RECORDS Block Start

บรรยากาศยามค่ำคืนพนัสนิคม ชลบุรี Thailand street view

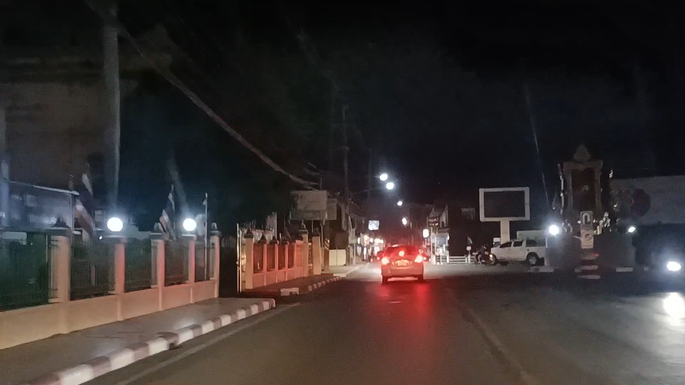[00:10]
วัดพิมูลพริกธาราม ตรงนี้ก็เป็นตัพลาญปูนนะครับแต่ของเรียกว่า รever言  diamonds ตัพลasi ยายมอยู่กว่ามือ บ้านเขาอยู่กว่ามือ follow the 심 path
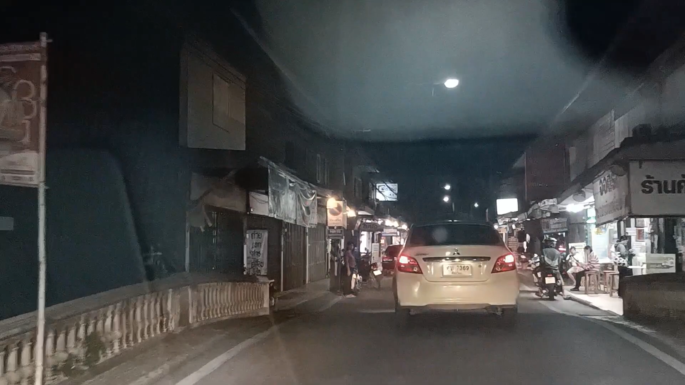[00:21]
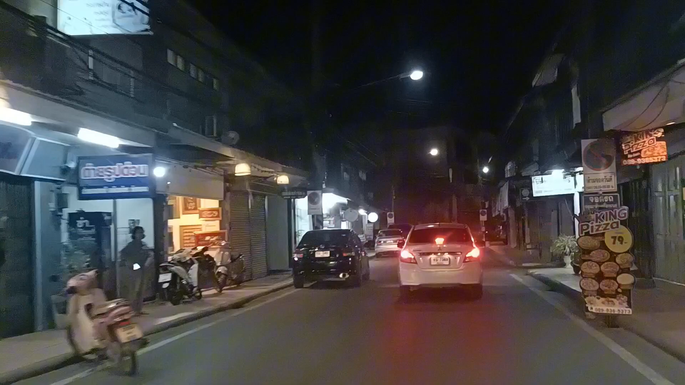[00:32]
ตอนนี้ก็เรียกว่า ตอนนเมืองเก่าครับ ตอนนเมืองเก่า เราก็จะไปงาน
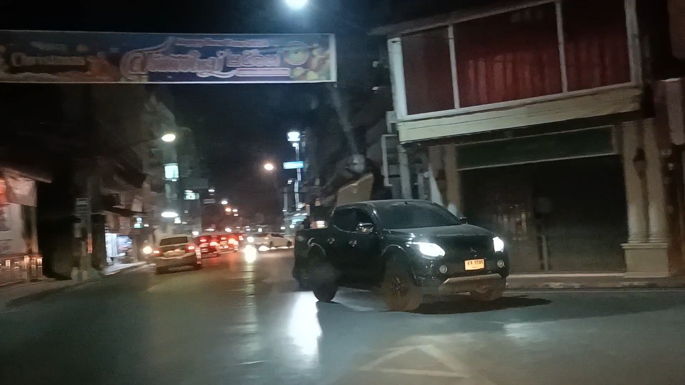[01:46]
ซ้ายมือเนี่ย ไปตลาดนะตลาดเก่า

RECORDS Block End

PROBLEM TO WORK ON: Reproduce the lines above exactly, please, but not the pictures in them.

EXERCISE RESPONSE:
บรรยากาศยามค่ำคืนพนัสนิคม ชลบุรี Thailand street view

[00:10]
วัดพิมูลพริกธาราม ตรงนี้ก็เป็นตัพลาญปูนนะครับแต่ของเรียกว่า รever言  diamonds ตัพลasi ยายมอยู่กว่ามือ บ้านเขาอยู่กว่ามือ follow the 심 path
[00:21]
[00:32]
ตอนนี้ก็เรียกว่า ตอนนเมืองเก่าครับ ตอนนเมืองเก่า เราก็จะไปงาน
[01:46]
ซ้ายมือเนี่ย ไปตลาดนะตลาดเก่า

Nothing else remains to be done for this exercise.